PROBLEM TO SOLVE - Give the entries again exactly, without pictures.
________
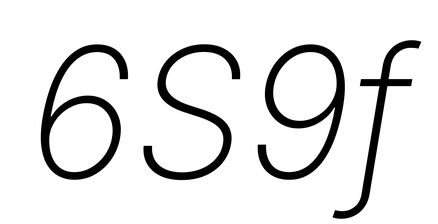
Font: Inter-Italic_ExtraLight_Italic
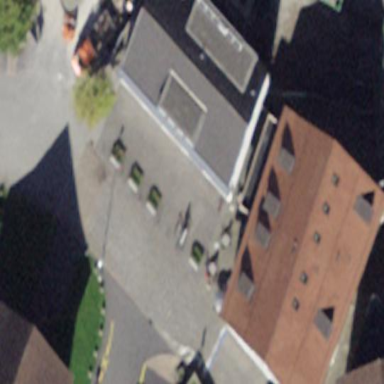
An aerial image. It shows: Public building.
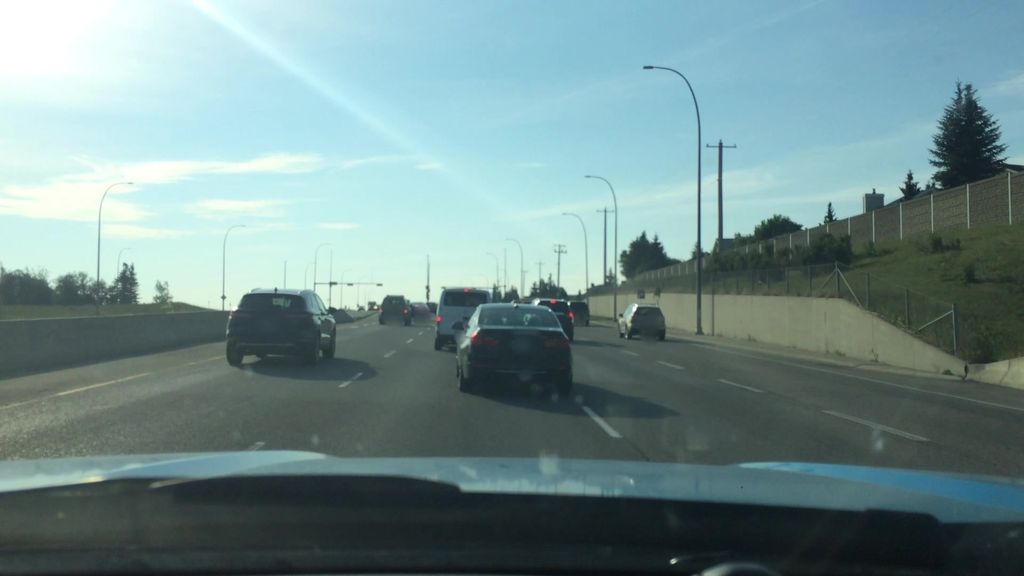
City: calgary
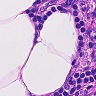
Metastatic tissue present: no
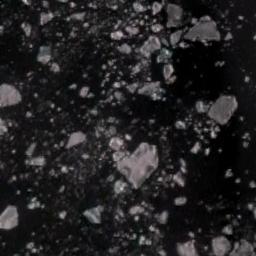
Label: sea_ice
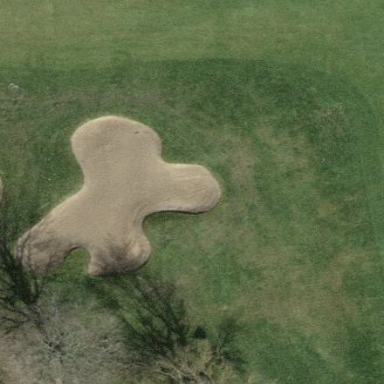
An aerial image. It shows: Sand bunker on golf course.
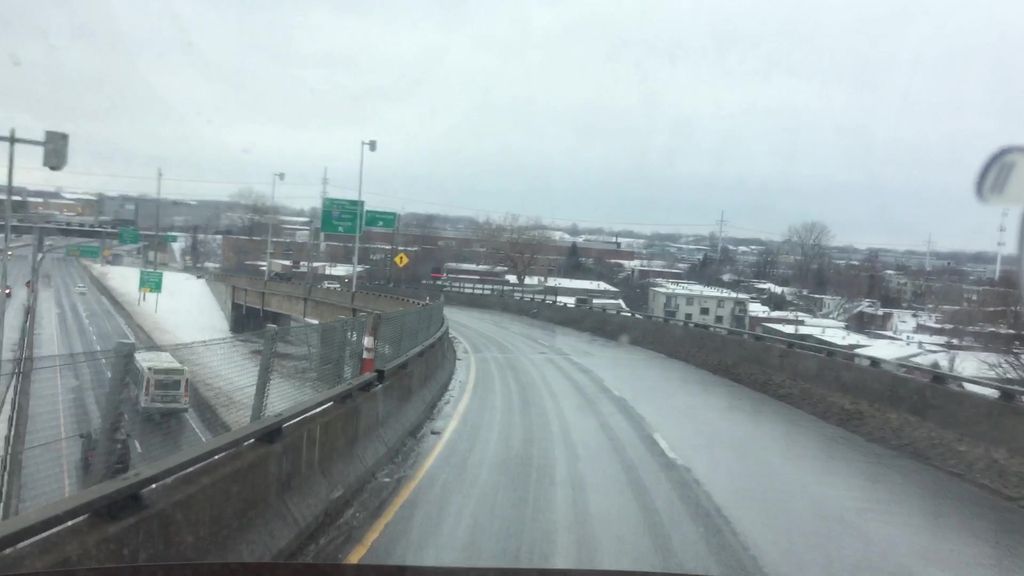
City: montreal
________
REPLY -
Font: Inter-Italic_ExtraLight_Italic
An aerial image. It shows: Public building.
City: calgary
Metastatic tissue present: no
Label: sea_ice
An aerial image. It shows: Sand bunker on golf course.
City: montreal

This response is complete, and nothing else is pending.